Start of INFORMATION SUPPLIED

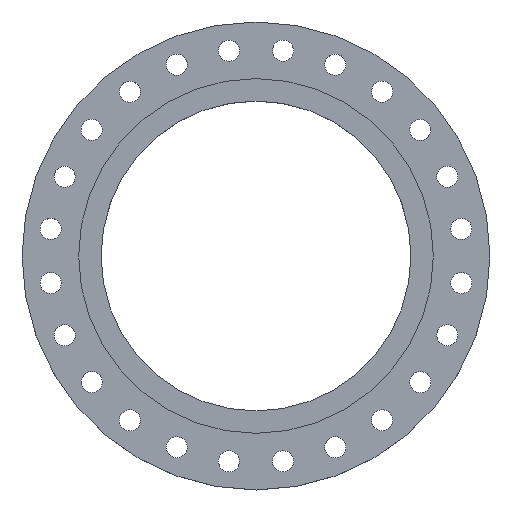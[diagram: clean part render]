
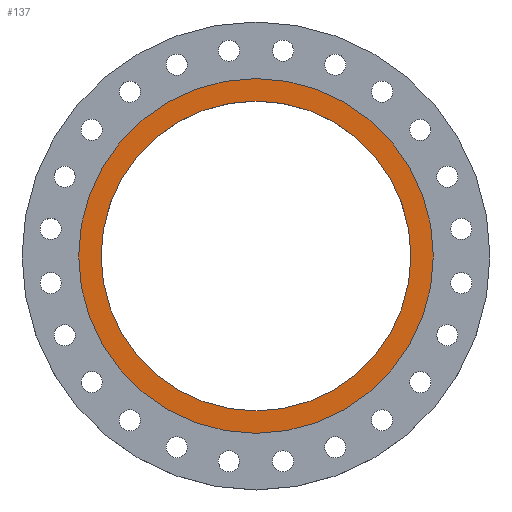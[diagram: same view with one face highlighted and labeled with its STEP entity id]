
A CAD part, top view. The second image highlights one B-rep face of the part: STEP entity #137.
In plain terms, the highlighted planar face has unit normal (0, 0, 1).
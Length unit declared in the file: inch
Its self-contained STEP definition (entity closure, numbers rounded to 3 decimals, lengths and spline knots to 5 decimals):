
#137 = ADVANCED_FACE ( 'NONE', ( #444, #937 ), #284, .T. ) ;
#176 = CARTESIAN_POINT ( 'NONE',  ( 0., 0., 0. ) ) ;
#211 = ORIENTED_EDGE ( 'NONE', *, *, #408, .T. ) ;
#284 = PLANE ( 'NONE',  #672 ) ;
#408 = EDGE_CURVE ( 'NONE', #999, #1994, #1785, .T. ) ;
#412 = EDGE_CURVE ( 'NONE', #1737, #2042, #1893, .T. ) ;
#444 = FACE_BOUND ( 'NONE', #1276, .T. ) ;
#467 = CARTESIAN_POINT ( 'NONE',  ( 10.1, 0., 0. ) ) ;
#504 = DIRECTION ( 'NONE',  ( 0., 0., 1. ) ) ;
#544 = DIRECTION ( 'NONE',  ( 1., 0., 0. ) ) ;
#569 = ORIENTED_EDGE ( 'NONE', *, *, #412, .F. ) ;
#672 = AXIS2_PLACEMENT_3D ( 'NONE', #1816, #1461, #1773 ) ;
#726 = CARTESIAN_POINT ( 'NONE',  ( -10.1, 0., 0. ) ) ;
#741 = AXIS2_PLACEMENT_3D ( 'NONE', #1590, #1718, #1556 ) ;
#879 = CARTESIAN_POINT ( 'NONE',  ( -11.56, 0., 0. ) ) ;
#937 = FACE_OUTER_BOUND ( 'NONE', #1622, .T. ) ;
#999 = VERTEX_POINT ( 'NONE', #2144 ) ;
#1074 = CARTESIAN_POINT ( 'NONE',  ( 0., 0., 0. ) ) ;
#1222 = DIRECTION ( 'NONE',  ( 1., 0., 0. ) ) ;
#1226 = AXIS2_PLACEMENT_3D ( 'NONE', #1074, #1890, #1222 ) ;
#1232 = ORIENTED_EDGE ( 'NONE', *, *, #1947, .T. ) ;
#1276 = EDGE_LOOP ( 'NONE', ( #569, #2103 ) ) ;
#1358 = DIRECTION ( 'NONE',  ( 1., 0., 0. ) ) ;
#1439 = CIRCLE ( 'NONE', #1756, 10.1 ) ;
#1461 = DIRECTION ( 'NONE',  ( 0., 0., 1. ) ) ;
#1556 = DIRECTION ( 'NONE',  ( 1., 0., 0. ) ) ;
#1590 = CARTESIAN_POINT ( 'NONE',  ( 0., 0., 0. ) ) ;
#1622 = EDGE_LOOP ( 'NONE', ( #211, #1232 ) ) ;
#1718 = DIRECTION ( 'NONE',  ( 0., 0., 1. ) ) ;
#1737 = VERTEX_POINT ( 'NONE', #467 ) ;
#1755 = CARTESIAN_POINT ( 'NONE',  ( 0., 0., 0. ) ) ;
#1756 = AXIS2_PLACEMENT_3D ( 'NONE', #1755, #2069, #544 ) ;
#1773 = DIRECTION ( 'NONE',  ( 1., 0., 0. ) ) ;
#1785 = CIRCLE ( 'NONE', #741, 11.56 ) ;
#1816 = CARTESIAN_POINT ( 'NONE',  ( 0., 0., 0. ) ) ;
#1857 = CIRCLE ( 'NONE', #2181, 11.56 ) ;
#1890 = DIRECTION ( 'NONE',  ( 0., 0., 1. ) ) ;
#1893 = CIRCLE ( 'NONE', #1226, 10.1 ) ;
#1947 = EDGE_CURVE ( 'NONE', #1994, #999, #1857, .T. ) ;
#1994 = VERTEX_POINT ( 'NONE', #879 ) ;
#2042 = VERTEX_POINT ( 'NONE', #726 ) ;
#2047 = EDGE_CURVE ( 'NONE', #2042, #1737, #1439, .T. ) ;
#2069 = DIRECTION ( 'NONE',  ( 0., 0., 1. ) ) ;
#2103 = ORIENTED_EDGE ( 'NONE', *, *, #2047, .F. ) ;
#2144 = CARTESIAN_POINT ( 'NONE',  ( 11.56, 0., 0. ) ) ;
#2181 = AXIS2_PLACEMENT_3D ( 'NONE', #176, #504, #1358 ) ;
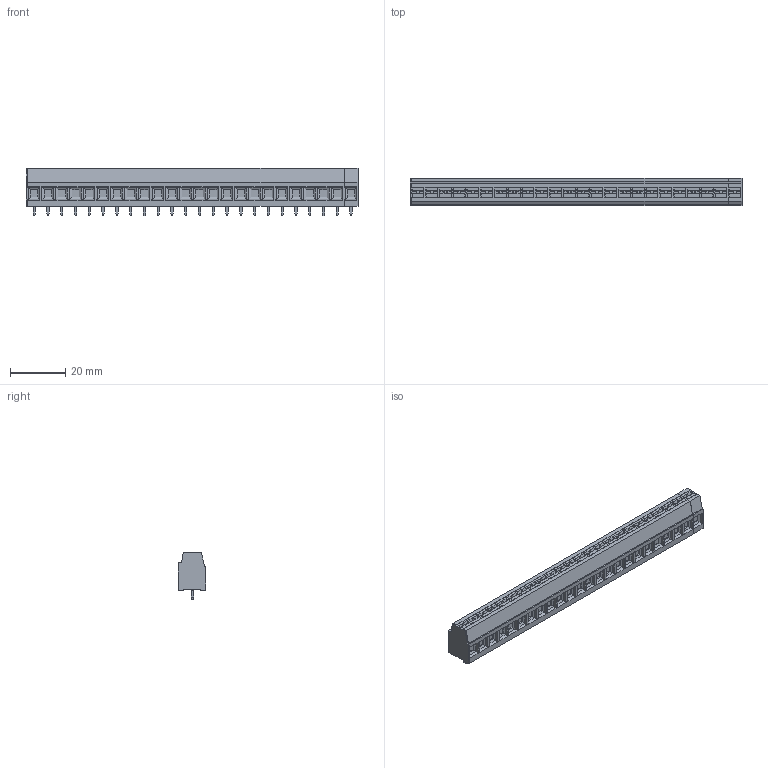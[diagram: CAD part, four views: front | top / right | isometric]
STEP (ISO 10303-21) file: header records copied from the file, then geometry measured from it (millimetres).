
FILE_DESCRIPTION(('CATIA V5 STEP Exchange','CAx-IF Rec.Pracs.--- Model Styling and Organization---1.4--- 2014-01-23'),'2;1');
FILE_NAME ('D1528717_0_2786770000_2786770000.stp','2022-04-26T14:10:19+00:00',('none'),('Weidmueller'),'CATIA Version 5-6 Release 2016 SP3 HF44','CATIA V5 STEP AP214','none');
FILE_SCHEMA(('AUTOMOTIVE_DESIGN { 1 0 10303 214 1 1 1 1 }'));
Products named in the file (1): 2786770000
Bounding box: 120.5 x 10 x 17.3 mm (x, y, z)
Volume: 14272.7 mm3; surface area: 9484.4 mm2
Topology: 51 solids, 100 shells, 2504 faces, 6828 edges, 4572 vertices
Faces by surface type: plane 2325, cylinder 167, cone 12
Entity records: 73019 total; most frequent: CARTESIAN_POINT 15867, ORIENTED_EDGE 13656, DIRECTION 8637, EDGE_CURVE 6828, VECTOR 6131, LINE 6131, VERTEX_POINT 4572, EDGE_LOOP 2600
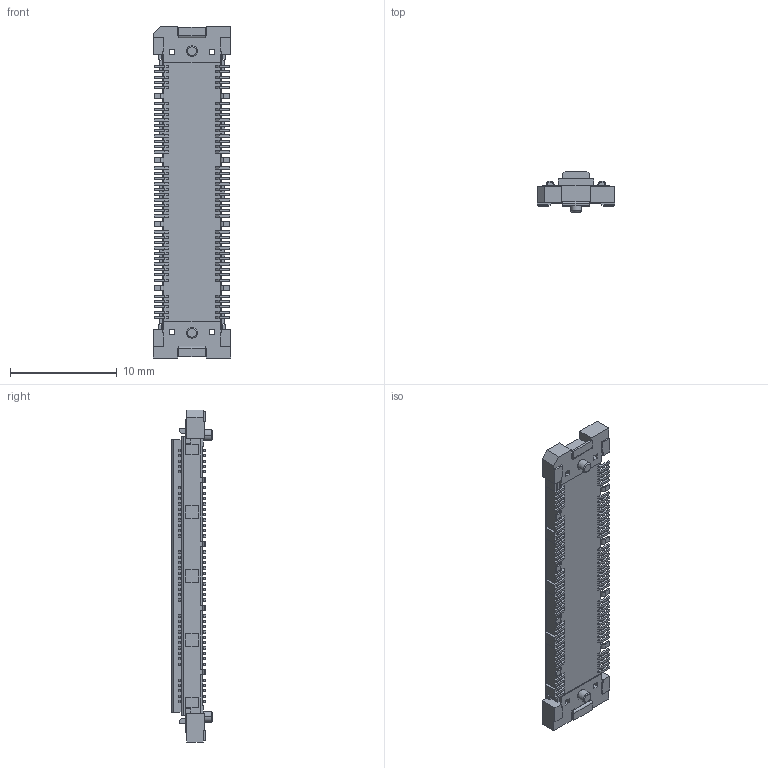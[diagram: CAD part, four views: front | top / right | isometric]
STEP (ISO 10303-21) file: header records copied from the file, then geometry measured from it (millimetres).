
FILE_DESCRIPTION(('OneSpaceDesigner STEP Export'),'2;1');
FILE_NAME('FX10A-80S8-SV.stp','2007-12-17T17:47:48',(''),(''),'OneSpace Designer STEP processor for AP214 (Solid Model)','OneSpace Modeling 15.00A 14-Mar-2007 (C) CoCreate Software GmbH','');
FILE_SCHEMA(('AUTOMOTIVE_DESIGN { 1 0 10303 214 1 1 1 1 }'));
Length unit declared in the file: millimetre
Products named in the file (2): FX10A-80S8-SV
Assembly tree (1 placements, depth 2):
  FX10A-80S8-SV
    FX10A-80S8-SV
Bounding box: 7.3 x 3.8 x 31.1 mm (x, y, z)
Volume: 324.3 mm3; surface area: 909 mm2
Topology: 1 solids, 1 shells, 1497 faces, 3966 edges, 2624 vertices
Faces by surface type: plane 1273, cylinder 204, sphere 16, cone 4
Entity records: 43245 total; most frequent: ORIENTED_EDGE 7900, CARTESIAN_POINT 7568, DIRECTION 6427, EDGE_CURVE 3950, VECTOR 3461, LINE 3461, VERTEX_POINT 2624, EDGE_LOOP 1674
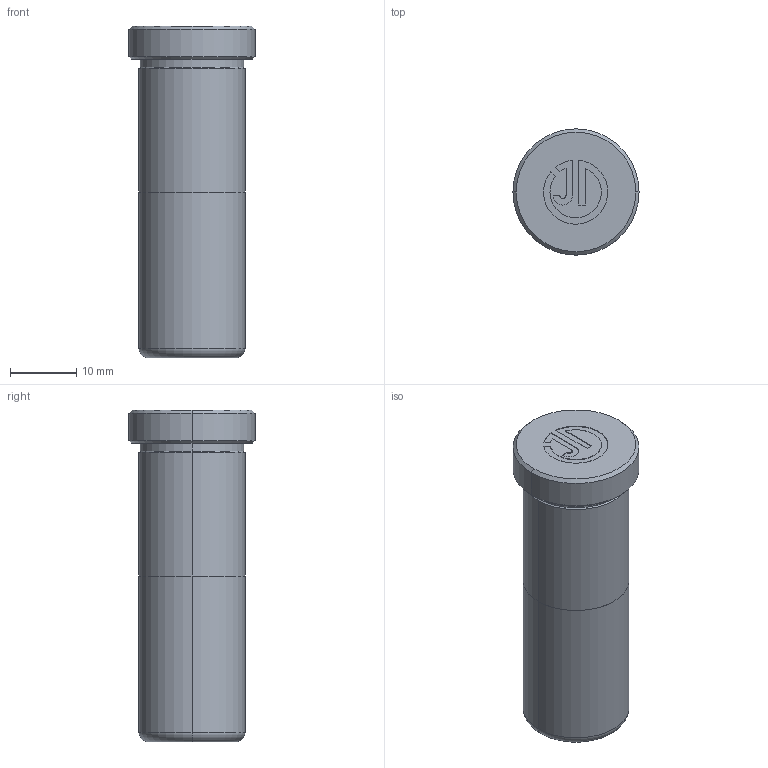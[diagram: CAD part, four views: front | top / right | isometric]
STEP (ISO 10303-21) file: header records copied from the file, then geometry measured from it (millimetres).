
FILE_DESCRIPTION (( 'STEP AP214' ), '1' );
FILE_NAME ('SGPH-D16-50.step', '2021-07-28T08:30:33', ( 'User' ), ( 'china' ), 'SwSTEP 2.0', 'SolidWorks 2016', '' );
FILE_SCHEMA (( 'AUTOMOTIVE_DESIGN' ));
Length unit declared in the file: millimetre
Products named in the file (1): SGPH-D16-50
Bounding box: 19 x 19 x 50 mm (x, y, z)
Volume: 10369.9 mm3; surface area: 3141.9 mm2
Topology: 1 solids, 1 shells, 52 faces, 118 edges, 73 vertices
Faces by surface type: cylinder 20, plane 16, cone 12, torus 4
Entity records: 1490 total; most frequent: DIRECTION 282, CARTESIAN_POINT 242, ORIENTED_EDGE 232, EDGE_CURVE 116, AXIS2_PLACEMENT_3D 113, VERTEX_POINT 73, CIRCLE 60, EDGE_LOOP 59

End of INFORMATION SUPPLIED

▸ YOUR ASSIGNMENT
Above are the records; copy exactly the lines from the line with "#544 = DIRECTION" through the line with "#2144 = CARTESIAN_POINT", both included.

▸ WRITTEN SOLUTION
#544 = DIRECTION ( 'NONE',  ( 1., 0., 0. ) ) ;
#569 = ORIENTED_EDGE ( 'NONE', *, *, #412, .F. ) ;
#672 = AXIS2_PLACEMENT_3D ( 'NONE', #1816, #1461, #1773 ) ;
#726 = CARTESIAN_POINT ( 'NONE',  ( -10.1, 0., 0. ) ) ;
#741 = AXIS2_PLACEMENT_3D ( 'NONE', #1590, #1718, #1556 ) ;
#879 = CARTESIAN_POINT ( 'NONE',  ( -11.56, 0., 0. ) ) ;
#937 = FACE_OUTER_BOUND ( 'NONE', #1622, .T. ) ;
#999 = VERTEX_POINT ( 'NONE', #2144 ) ;
#1074 = CARTESIAN_POINT ( 'NONE',  ( 0., 0., 0. ) ) ;
#1222 = DIRECTION ( 'NONE',  ( 1., 0., 0. ) ) ;
#1226 = AXIS2_PLACEMENT_3D ( 'NONE', #1074, #1890, #1222 ) ;
#1232 = ORIENTED_EDGE ( 'NONE', *, *, #1947, .T. ) ;
#1276 = EDGE_LOOP ( 'NONE', ( #569, #2103 ) ) ;
#1358 = DIRECTION ( 'NONE',  ( 1., 0., 0. ) ) ;
#1439 = CIRCLE ( 'NONE', #1756, 10.1 ) ;
#1461 = DIRECTION ( 'NONE',  ( 0., 0., 1. ) ) ;
#1556 = DIRECTION ( 'NONE',  ( 1., 0., 0. ) ) ;
#1590 = CARTESIAN_POINT ( 'NONE',  ( 0., 0., 0. ) ) ;
#1622 = EDGE_LOOP ( 'NONE', ( #211, #1232 ) ) ;
#1718 = DIRECTION ( 'NONE',  ( 0., 0., 1. ) ) ;
#1737 = VERTEX_POINT ( 'NONE', #467 ) ;
#1755 = CARTESIAN_POINT ( 'NONE',  ( 0., 0., 0. ) ) ;
#1756 = AXIS2_PLACEMENT_3D ( 'NONE', #1755, #2069, #544 ) ;
#1773 = DIRECTION ( 'NONE',  ( 1., 0., 0. ) ) ;
#1785 = CIRCLE ( 'NONE', #741, 11.56 ) ;
#1816 = CARTESIAN_POINT ( 'NONE',  ( 0., 0., 0. ) ) ;
#1857 = CIRCLE ( 'NONE', #2181, 11.56 ) ;
#1890 = DIRECTION ( 'NONE',  ( 0., 0., 1. ) ) ;
#1893 = CIRCLE ( 'NONE', #1226, 10.1 ) ;
#1947 = EDGE_CURVE ( 'NONE', #1994, #999, #1857, .T. ) ;
#1994 = VERTEX_POINT ( 'NONE', #879 ) ;
#2042 = VERTEX_POINT ( 'NONE', #726 ) ;
#2047 = EDGE_CURVE ( 'NONE', #2042, #1737, #1439, .T. ) ;
#2069 = DIRECTION ( 'NONE',  ( 0., 0., 1. ) ) ;
#2103 = ORIENTED_EDGE ( 'NONE', *, *, #2047, .F. ) ;
#2144 = CARTESIAN_POINT ( 'NONE',  ( 11.56, 0., 0. ) ) ;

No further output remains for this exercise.